Because BMI varies with body proportions or the Cormic index (sitting height divided by standing height), some have argued that data on sitting height should be collected where possible and that the BMI should be adjusted for the Cormic index.  However, others consider this adjustment to be impractical, given that the calculation of BMI itself is methodologically challenging to some field workers.

nutrition, safe motherhood (SM)

In cultural settings such as South Asia where women often eat ‘last and least,’ even in households with adequate food available, adolescent and young women may be chronically undernourished. Thus, women frequently enter pregnancy undernourished and become more so throughout pregnancy.  Undernourished pregnant women are at much greater risk of poor birth outcomes than are nourished women. They are more likely to be vitamin A-deficient and to be anemic, both of which also increase the risk of maternal and fetal morbidity and mortality. Education and communication efforts directed toward parents, husbands, mothers-in-law, and communities can address the need to provide more nutritious foods for undernourished girls and women, thereby benefitting their health in the short term and promoting better pregnancy and birth outcomes in the future.

ACC/SCN, 1992, Second Report on the World Nutrition Situation, Geneva: ACC/SCN.

Black, RE, Allen, LH, Bhutta, ZA, Caufield LE, de Onis, M, Ezzati, M, Mathers, C, Rivera, J,, “Maternal and child undernutrition: global and regional exposures and health consequences,” Lancet 2008; 371: 243-260.

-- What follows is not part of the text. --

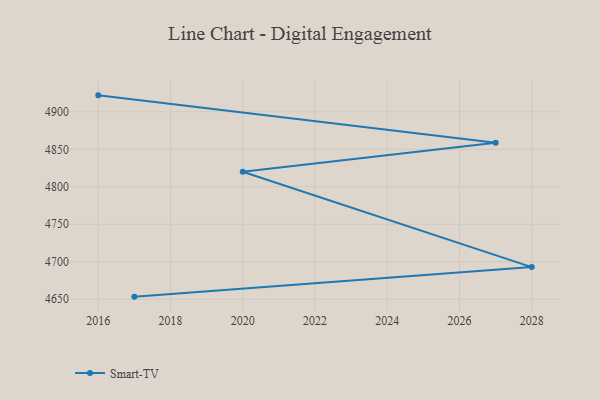
{"axis": {"x": "Year", "y": "Satisfaction Score"}, "legend": ["Smart-TV"], "data": [{"x": "2016", "y": 4922.0, "type": "Smart-TV"}, {"x": "2027", "y": 4858.9, "type": "Smart-TV"}, {"x": "2020", "y": 4820.0, "type": "Smart-TV"}, {"x": "2028", "y": 4692.8, "type": "Smart-TV"}, {"x": "2017", "y": 4653.4, "type": "Smart-TV"}]}

Cnattingius  R, Cnattingius S, Notzon FC, Obstacles to reducing cesarean rates in a low-cesarean setting: the effect of maternal age, height, and weight. Obstet Gynecol. 1998 Oct;92(4 Pt 1):501-6.

Institute of Medicine (IOM) and National Research Council, 2008, Weight Gain during Pregnancy: Reexamining the Guidelines, Eds: Kathleen Rasmussen and Ann Yaktine, Washington, D.C.: The National Academy Press. http://www.ncbi.nlm.nih.gov/pubmed/20669500

Victora, CG, Adair, L, Fall, C, Hallal, PC, Martorell, R, Richter, L, Sachdev, HS, , “Maternal and child undernutrition: consequences for adult health and human capital,”  Lancet 2008; 371: 340–57.

WHO, Maternal anthropometry and pregnancy outcomes: A WHO Collaborative Study, World Health Organization Supplement 1995: 73:32-37.

WHO, 2010, A  Review of Nutrition Policies: Draft Report, Geneva: WHO.